Oberkommissar Klaus Hosse, der Leiter der Spurensicherung in der Kriminalpolizeistelle Heide, „Spusi“, wie sie ihn nannten, meldete sich. Im Laufe der Zusammenarbeit hatten sie sich schätzen gelernt. Zumeist waren sie die Ersten, die den Ort eines schrecklichen Geschehens besichtigen und untersuchen und einschätzen mussten. Sie waren darüber Freunde geworden. „Hallo Klaus, was gibt es? Ich bin im Auto auf dem Weg nach Hause.“

Er hörte die Freude des Freundes am nicht ernst gemeinten Vorwurf: „Im Auto und telefonieren? Das wird teuer. Aber im Ernst. Ich will dich nur informieren. Der Fundort in der Wohnung ist sauber. Für die Beschädigung der Haustür habe ich keine Erklärung gefunden. Es gibt keine weiteren Hinweise auf einen Einbruch. Die Untersuchung der Toten gab keinerlei Verdachtsmomente. Den Fall kannst du vergessen.“

„Wieso warst du in der Wohnung? Heute Morgen sagtest du, du hättest keine Zeit dazu? War die Kollegin Neudorf noch dort?“ Sie hatte nicht erwähnt, dass sie sich dort gesehen hätten.

„Naja, ließ sich so einrichten“, sagte Hosse. „Für Freunde tue ich ja fast alles. Neudorf zeigte mir die Bilder von der beschädigten Haustür, das musste ich mir ansehen. Grüß deine Frau von mir und frage sie, wann ich zum Kaffeetrinken kommen soll.“

„Indianer wie du bekommen doch nur Wasser“, antwortete Jensen und beendete das Gespräch. Es würde ein ruhiger Nachmittag werden. Mit dem Vormundschaftsgericht hatte er bereits vom Büro aus telefoniert. Sie benötigten möglichst bald einen Nachlassverwalter und der Rechtspfleger hatte wegen der besonderen Lage eine kurzfristige Erledigung zugesagt.
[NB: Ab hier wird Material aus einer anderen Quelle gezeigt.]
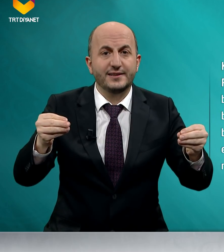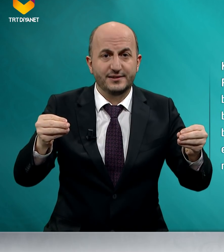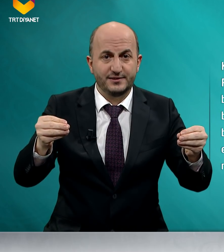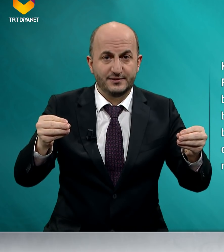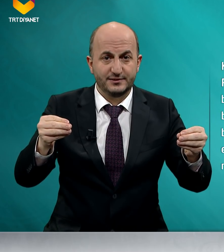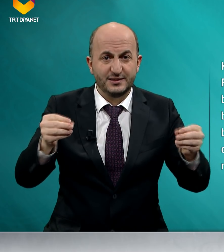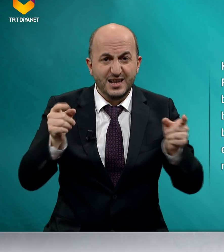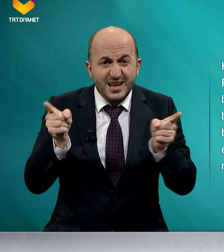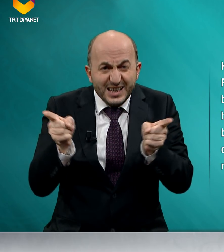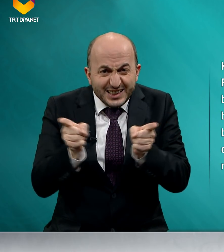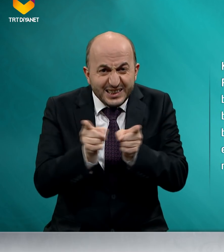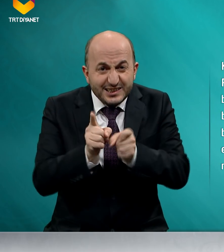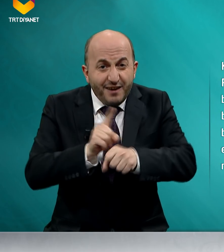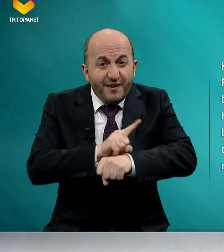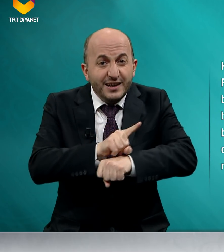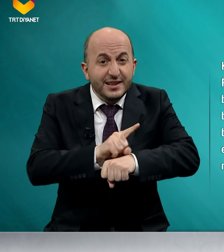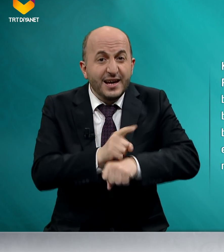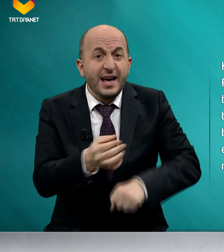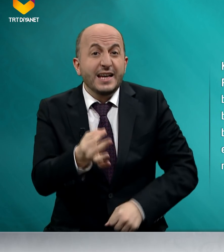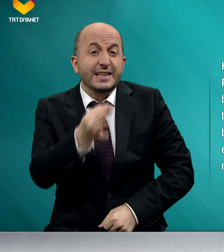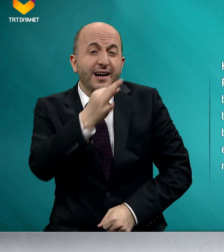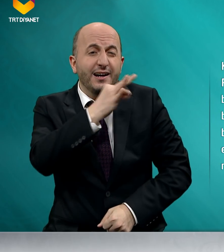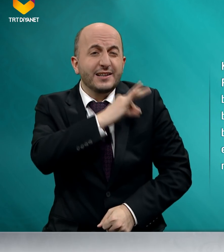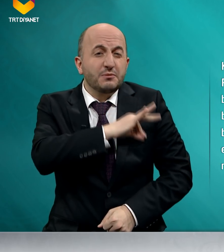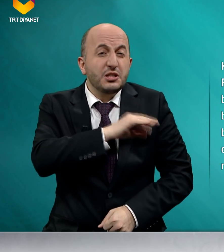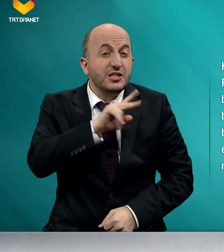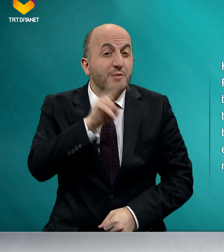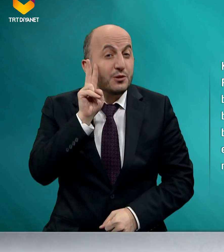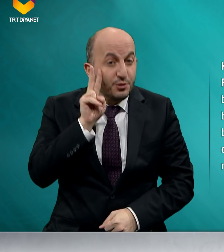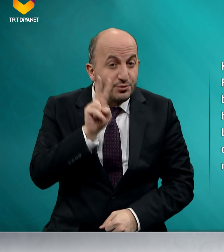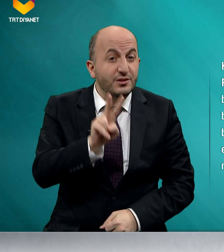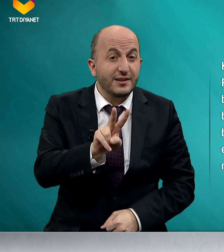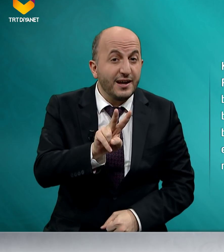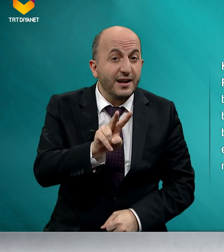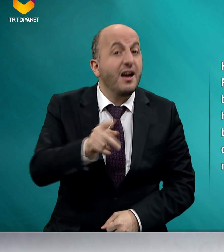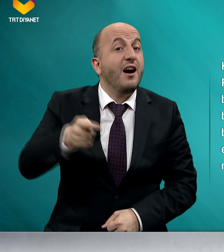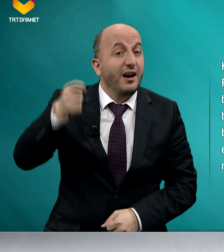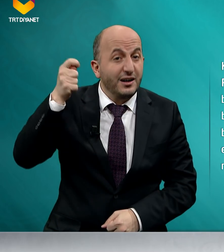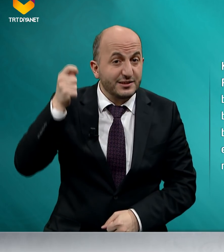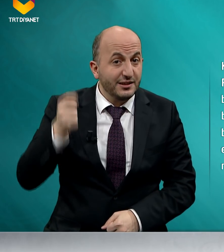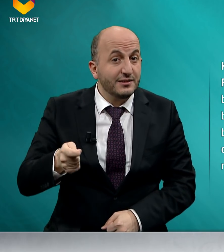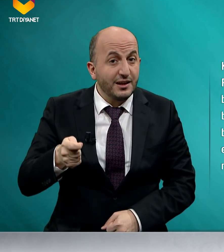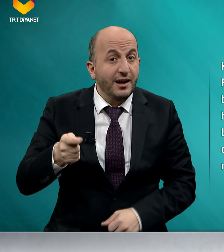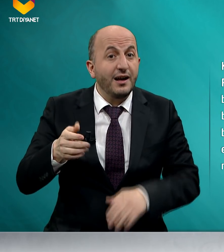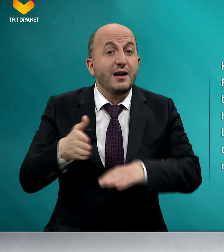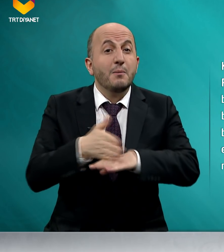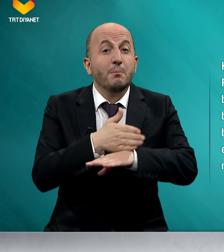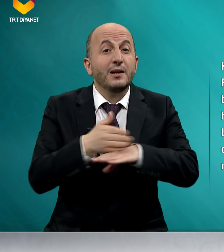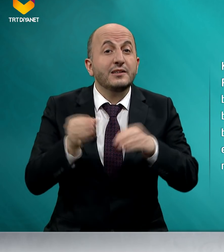Kısa vadede kar etmiş gibi görünse de, aslında malın

Jensen fuhr an und fädelte sich in den regen Verkehr ein, der um diese Tageszeit in der Hamburger Straße stets heftig und dicht war. Jensen hatte bereits nach dem Dienst am Markt Kuchen gekauft. Das Wetter war sonnig und mild. Es würde ein gemütlicher Nachmittag im Garten werden!